Curl of a function and vector field

In summary, the conversation is about a conceptual question on a practice test involving differentiable functions and vector fields. The question asks for the computation of the vector field Curl(fF). The solution involves using the product rule and simplifying to fcurlF + (∇f)XF. The conversation ends with the person thanking for the helpful suggestion.
  • #1
arduinohero
2
1
Hello, I'm having some difficulty with a conceptual question on a practice test I was using to study.
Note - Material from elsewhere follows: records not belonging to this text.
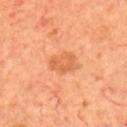Impression:
Recorded during total-body skin imaging; not selected for excision or biopsy.
Acquisition and patient details:
The total-body-photography lesion software estimated an area of roughly 7 mm² and two-axis asymmetry of about 0.25. The software also gave a border-irregularity index near 2.5/10, a color-variation rating of about 2/10, and peripheral color asymmetry of about 0.5. And it measured a classifier nevus-likeness of about 20/100. A 15 mm close-up tile from a total-body photography series done for melanoma screening. A male patient aged 68–72. On the upper back. The lesion's longest dimension is about 4 mm. This is a cross-polarized tile.
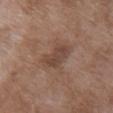* biopsy status: imaged on a skin check; not biopsied
* size: ~4 mm (longest diameter)
* site: the upper back
* tile lighting: white-light
* image source: 15 mm crop, total-body photography
* patient: female, in their 70s
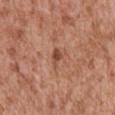Q: Is there a histopathology result?
A: no biopsy performed (imaged during a skin exam)
Q: How was this image acquired?
A: 15 mm crop, total-body photography
Q: How large is the lesion?
A: ~2.5 mm (longest diameter)
Q: How was the tile lit?
A: white-light
Q: Patient demographics?
A: male, aged 43 to 47
Q: What is the anatomic site?
A: the chest
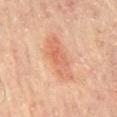Findings:
* notes: no biopsy performed (imaged during a skin exam)
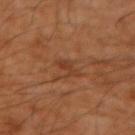Imaged during a routine full-body skin examination; the lesion was not biopsied and no histopathology is available. Cropped from a total-body skin-imaging series; the visible field is about 15 mm. The lesion is on the right forearm. A male subject in their 60s. Imaged with cross-polarized lighting. Automated image analysis of the tile measured a lesion area of about 3.5 mm² and a shape-asymmetry score of about 0.4 (0 = symmetric). The analysis additionally found an average lesion color of about L≈34 a*≈21 b*≈30 (CIELAB) and a lesion-to-skin contrast of about 5.5 (normalized; higher = more distinct).
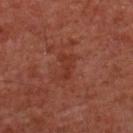workup = imaged on a skin check; not biopsied | subject = male, aged 58 to 62 | TBP lesion metrics = a border-irregularity rating of about 3.5/10 and a color-variation rating of about 1/10; an automated nevus-likeness rating near 0 out of 100 and a detector confidence of about 100 out of 100 that the crop contains a lesion | image = ~15 mm tile from a whole-body skin photo | location = the front of the torso | lighting = cross-polarized illumination | size = ≈3 mm.
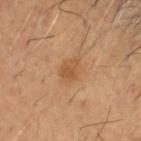notes: imaged on a skin check; not biopsied
imaging modality: ~15 mm tile from a whole-body skin photo
diameter: ≈2.5 mm
patient: male, aged around 60
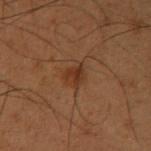Impression:
The lesion was tiled from a total-body skin photograph and was not biopsied.
Clinical summary:
The lesion's longest dimension is about 2.5 mm. A male patient, roughly 55 years of age. Cropped from a whole-body photographic skin survey; the tile spans about 15 mm. The lesion is located on the right upper arm. Imaged with cross-polarized lighting. Automated tile analysis of the lesion measured a mean CIELAB color near L≈27 a*≈17 b*≈26, a lesion–skin lightness drop of about 6, and a normalized border contrast of about 7. It also reported a detector confidence of about 100 out of 100 that the crop contains a lesion.
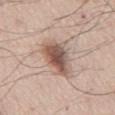imaging modality: ~15 mm tile from a whole-body skin photo; patient: male, in their mid- to late 50s; site: the chest.

I have the answer but not the solution unfortunately.

1. Homework Statement

"For every differentiable function f = f(x,y,z) and differentiable 3-dimensional vector field F=F(x,y,z), the vector field Curl(fF) equals: "

Homework Equations


curlF = ∇XF

The Attempt at a Solution


The solution is apparently: fCurl(F)+∇f x F
I am a little lost the process for this question. I attempted to "solve" the problem using a general case. Essentially I let F = <P, Q, R> and multiplied in "f," so fF = <fP, fQ, fR>.
I then took the curl using the formula. I was left with the following:

curl(fF) = <d/dy(fR)-d/dz(fQ), d/dz(fP)-d/dx(fR), d/dx(fQ)-d/dy(fP)>

I am unsure of where to go from here. I originally was going to factor out "f," but then realized that that is not necessarily possible due to it being within the derivative operator. Any suggestions for a next step would be very helpful!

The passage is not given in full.